### INPUT MATERIAL
+===+
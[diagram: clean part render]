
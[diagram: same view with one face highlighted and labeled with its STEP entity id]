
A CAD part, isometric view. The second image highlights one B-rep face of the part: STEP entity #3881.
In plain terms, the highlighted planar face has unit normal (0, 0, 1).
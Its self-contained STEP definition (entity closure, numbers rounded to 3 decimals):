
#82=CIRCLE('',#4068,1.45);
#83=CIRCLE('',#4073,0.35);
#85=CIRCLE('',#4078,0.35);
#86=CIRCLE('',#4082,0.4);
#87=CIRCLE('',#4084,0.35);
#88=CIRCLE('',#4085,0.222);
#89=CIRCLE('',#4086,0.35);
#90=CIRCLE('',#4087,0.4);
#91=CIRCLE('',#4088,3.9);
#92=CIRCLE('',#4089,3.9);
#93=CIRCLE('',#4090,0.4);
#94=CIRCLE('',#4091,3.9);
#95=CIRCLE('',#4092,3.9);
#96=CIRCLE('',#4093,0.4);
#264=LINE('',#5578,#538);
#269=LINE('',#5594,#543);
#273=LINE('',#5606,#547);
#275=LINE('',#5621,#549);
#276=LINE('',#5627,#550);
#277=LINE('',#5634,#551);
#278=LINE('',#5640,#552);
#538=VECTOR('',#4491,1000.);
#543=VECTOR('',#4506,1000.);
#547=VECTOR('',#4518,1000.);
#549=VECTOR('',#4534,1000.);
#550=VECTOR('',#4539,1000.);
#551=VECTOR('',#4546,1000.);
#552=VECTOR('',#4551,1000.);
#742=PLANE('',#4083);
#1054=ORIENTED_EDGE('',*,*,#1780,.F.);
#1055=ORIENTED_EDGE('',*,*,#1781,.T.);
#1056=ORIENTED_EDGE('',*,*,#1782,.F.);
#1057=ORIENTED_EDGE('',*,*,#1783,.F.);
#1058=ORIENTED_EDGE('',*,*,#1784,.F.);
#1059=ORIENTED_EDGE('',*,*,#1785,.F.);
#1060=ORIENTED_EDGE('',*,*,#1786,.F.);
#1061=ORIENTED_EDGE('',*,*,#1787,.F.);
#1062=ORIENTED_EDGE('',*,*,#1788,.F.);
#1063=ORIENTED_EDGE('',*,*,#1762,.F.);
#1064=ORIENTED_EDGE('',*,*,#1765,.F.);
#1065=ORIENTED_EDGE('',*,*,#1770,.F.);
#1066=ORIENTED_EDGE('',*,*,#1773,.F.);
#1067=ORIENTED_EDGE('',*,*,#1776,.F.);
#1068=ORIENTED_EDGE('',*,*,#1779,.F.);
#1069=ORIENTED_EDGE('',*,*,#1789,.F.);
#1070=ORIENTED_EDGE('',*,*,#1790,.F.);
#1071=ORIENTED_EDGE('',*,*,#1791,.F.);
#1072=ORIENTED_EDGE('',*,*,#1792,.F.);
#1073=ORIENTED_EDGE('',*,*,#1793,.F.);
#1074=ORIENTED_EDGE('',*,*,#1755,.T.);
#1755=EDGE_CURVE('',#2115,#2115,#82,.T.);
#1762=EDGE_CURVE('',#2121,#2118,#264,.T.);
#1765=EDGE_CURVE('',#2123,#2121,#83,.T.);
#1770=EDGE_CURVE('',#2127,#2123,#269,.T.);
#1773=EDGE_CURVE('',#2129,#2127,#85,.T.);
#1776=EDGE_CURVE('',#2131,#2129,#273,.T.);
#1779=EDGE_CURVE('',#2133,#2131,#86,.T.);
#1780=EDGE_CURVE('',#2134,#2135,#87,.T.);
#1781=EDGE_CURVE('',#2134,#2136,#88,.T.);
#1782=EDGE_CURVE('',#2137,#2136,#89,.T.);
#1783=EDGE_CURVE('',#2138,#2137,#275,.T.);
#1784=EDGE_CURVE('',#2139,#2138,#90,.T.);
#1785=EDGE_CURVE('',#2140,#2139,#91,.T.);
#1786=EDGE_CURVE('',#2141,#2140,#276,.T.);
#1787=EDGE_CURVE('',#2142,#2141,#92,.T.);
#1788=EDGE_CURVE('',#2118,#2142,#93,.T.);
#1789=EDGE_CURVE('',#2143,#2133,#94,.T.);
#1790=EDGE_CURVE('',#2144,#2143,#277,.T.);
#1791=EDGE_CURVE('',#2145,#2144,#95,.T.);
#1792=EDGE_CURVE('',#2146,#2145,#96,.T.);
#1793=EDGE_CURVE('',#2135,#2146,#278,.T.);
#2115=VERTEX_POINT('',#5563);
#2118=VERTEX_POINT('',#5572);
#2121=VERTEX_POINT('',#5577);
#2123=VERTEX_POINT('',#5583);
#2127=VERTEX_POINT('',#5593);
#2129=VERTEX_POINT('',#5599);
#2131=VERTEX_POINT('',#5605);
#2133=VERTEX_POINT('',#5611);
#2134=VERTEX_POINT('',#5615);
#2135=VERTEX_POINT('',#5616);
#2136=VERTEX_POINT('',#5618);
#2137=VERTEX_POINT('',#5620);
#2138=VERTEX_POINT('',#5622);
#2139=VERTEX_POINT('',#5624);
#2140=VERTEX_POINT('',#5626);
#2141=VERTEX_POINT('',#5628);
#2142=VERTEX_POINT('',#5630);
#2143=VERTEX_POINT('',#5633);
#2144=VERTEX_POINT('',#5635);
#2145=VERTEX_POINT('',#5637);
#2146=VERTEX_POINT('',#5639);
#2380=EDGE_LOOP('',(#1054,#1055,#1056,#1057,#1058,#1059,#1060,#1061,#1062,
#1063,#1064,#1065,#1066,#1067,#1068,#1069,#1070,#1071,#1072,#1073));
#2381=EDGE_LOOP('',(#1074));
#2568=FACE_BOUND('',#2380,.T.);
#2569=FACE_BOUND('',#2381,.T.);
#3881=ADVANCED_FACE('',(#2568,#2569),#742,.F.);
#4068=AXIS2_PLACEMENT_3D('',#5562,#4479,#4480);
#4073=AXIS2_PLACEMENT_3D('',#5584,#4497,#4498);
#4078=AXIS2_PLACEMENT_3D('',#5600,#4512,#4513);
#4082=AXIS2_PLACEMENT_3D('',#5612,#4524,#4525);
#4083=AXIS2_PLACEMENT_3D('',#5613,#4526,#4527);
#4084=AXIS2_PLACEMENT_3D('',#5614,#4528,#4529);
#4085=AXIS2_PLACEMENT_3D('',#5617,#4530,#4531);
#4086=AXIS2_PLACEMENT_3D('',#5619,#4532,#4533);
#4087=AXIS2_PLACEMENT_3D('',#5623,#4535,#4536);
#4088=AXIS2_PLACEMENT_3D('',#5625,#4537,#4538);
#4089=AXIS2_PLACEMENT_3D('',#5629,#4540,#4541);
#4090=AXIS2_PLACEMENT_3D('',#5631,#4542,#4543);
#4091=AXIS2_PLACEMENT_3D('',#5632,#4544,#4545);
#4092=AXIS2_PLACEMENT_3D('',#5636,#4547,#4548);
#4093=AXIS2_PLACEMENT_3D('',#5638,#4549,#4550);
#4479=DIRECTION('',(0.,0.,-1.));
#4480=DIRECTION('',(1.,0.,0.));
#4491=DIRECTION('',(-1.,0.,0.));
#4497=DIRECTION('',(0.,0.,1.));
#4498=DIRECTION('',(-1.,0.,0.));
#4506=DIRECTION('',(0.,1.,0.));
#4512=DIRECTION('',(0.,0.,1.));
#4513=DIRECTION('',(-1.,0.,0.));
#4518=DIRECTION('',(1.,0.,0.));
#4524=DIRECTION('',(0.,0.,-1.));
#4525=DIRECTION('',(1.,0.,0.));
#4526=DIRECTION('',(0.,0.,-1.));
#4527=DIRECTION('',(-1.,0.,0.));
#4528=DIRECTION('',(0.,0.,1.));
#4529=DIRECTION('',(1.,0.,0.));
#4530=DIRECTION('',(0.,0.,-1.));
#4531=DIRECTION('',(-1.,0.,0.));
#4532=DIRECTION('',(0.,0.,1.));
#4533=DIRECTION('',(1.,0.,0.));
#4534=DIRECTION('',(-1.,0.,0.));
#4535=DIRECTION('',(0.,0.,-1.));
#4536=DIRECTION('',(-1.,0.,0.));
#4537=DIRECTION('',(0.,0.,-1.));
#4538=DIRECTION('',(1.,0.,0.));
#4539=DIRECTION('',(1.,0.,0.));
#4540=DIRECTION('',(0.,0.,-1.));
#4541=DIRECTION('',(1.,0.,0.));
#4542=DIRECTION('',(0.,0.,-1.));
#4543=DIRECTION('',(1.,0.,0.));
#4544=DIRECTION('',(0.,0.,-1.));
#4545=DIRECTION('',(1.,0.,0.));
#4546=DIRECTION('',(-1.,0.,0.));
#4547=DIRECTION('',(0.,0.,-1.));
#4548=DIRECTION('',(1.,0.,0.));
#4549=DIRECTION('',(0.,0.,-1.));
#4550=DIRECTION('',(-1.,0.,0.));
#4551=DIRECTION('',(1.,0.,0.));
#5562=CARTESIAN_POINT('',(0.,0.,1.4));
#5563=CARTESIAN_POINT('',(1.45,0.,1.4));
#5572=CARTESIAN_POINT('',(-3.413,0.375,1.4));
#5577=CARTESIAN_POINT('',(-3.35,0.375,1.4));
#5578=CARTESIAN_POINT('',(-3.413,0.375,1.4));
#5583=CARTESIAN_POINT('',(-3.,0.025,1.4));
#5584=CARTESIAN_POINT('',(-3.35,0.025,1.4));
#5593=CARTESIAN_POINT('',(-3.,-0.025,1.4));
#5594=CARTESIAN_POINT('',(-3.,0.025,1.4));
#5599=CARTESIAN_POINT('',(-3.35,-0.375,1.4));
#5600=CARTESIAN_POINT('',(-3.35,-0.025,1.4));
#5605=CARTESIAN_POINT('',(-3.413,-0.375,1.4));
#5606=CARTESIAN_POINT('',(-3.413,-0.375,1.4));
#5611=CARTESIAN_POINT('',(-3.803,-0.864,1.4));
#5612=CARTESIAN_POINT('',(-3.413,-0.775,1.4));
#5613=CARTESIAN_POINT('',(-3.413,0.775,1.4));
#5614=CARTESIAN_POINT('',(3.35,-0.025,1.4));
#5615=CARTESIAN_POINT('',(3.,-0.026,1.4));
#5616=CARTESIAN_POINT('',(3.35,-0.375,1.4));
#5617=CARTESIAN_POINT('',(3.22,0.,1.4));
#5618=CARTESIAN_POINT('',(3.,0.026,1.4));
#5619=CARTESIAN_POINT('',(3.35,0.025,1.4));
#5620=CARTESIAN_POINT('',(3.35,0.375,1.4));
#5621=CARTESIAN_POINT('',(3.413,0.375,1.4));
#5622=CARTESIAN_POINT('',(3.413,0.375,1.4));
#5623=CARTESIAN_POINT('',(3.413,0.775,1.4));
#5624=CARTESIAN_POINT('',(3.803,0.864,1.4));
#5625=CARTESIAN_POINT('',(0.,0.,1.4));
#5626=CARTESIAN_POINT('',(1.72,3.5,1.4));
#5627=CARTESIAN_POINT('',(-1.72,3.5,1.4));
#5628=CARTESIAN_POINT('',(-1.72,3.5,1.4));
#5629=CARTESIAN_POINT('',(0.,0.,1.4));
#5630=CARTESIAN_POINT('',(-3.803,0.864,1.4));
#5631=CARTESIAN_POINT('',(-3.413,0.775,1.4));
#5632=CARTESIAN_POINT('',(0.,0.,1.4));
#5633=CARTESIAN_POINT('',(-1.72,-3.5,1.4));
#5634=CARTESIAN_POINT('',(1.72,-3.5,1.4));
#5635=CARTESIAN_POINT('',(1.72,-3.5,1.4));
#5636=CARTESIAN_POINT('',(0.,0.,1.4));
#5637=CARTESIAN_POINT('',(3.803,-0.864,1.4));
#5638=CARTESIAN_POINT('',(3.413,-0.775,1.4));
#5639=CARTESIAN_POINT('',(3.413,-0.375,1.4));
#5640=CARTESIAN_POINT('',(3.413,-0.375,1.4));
+===+
### TASK INSTRUCTIONS
Everything from the first line of the data through the line containing "#83=CIRCLE('',#4073,0.35);" should be echoed exactly. Add nothing.

### REPLY TO THE TASK
[diagram: clean part render]
[diagram: same view with one face highlighted and labeled with its STEP entity id]
A CAD part, isometric view. The second image highlights one B-rep face of the part: STEP entity #3881.
In plain terms, the highlighted planar face has unit normal (0, 0, 1).
Its self-contained STEP definition (entity closure, numbers rounded to 3 decimals):
#82=CIRCLE('',#4068,1.45);
#83=CIRCLE('',#4073,0.35);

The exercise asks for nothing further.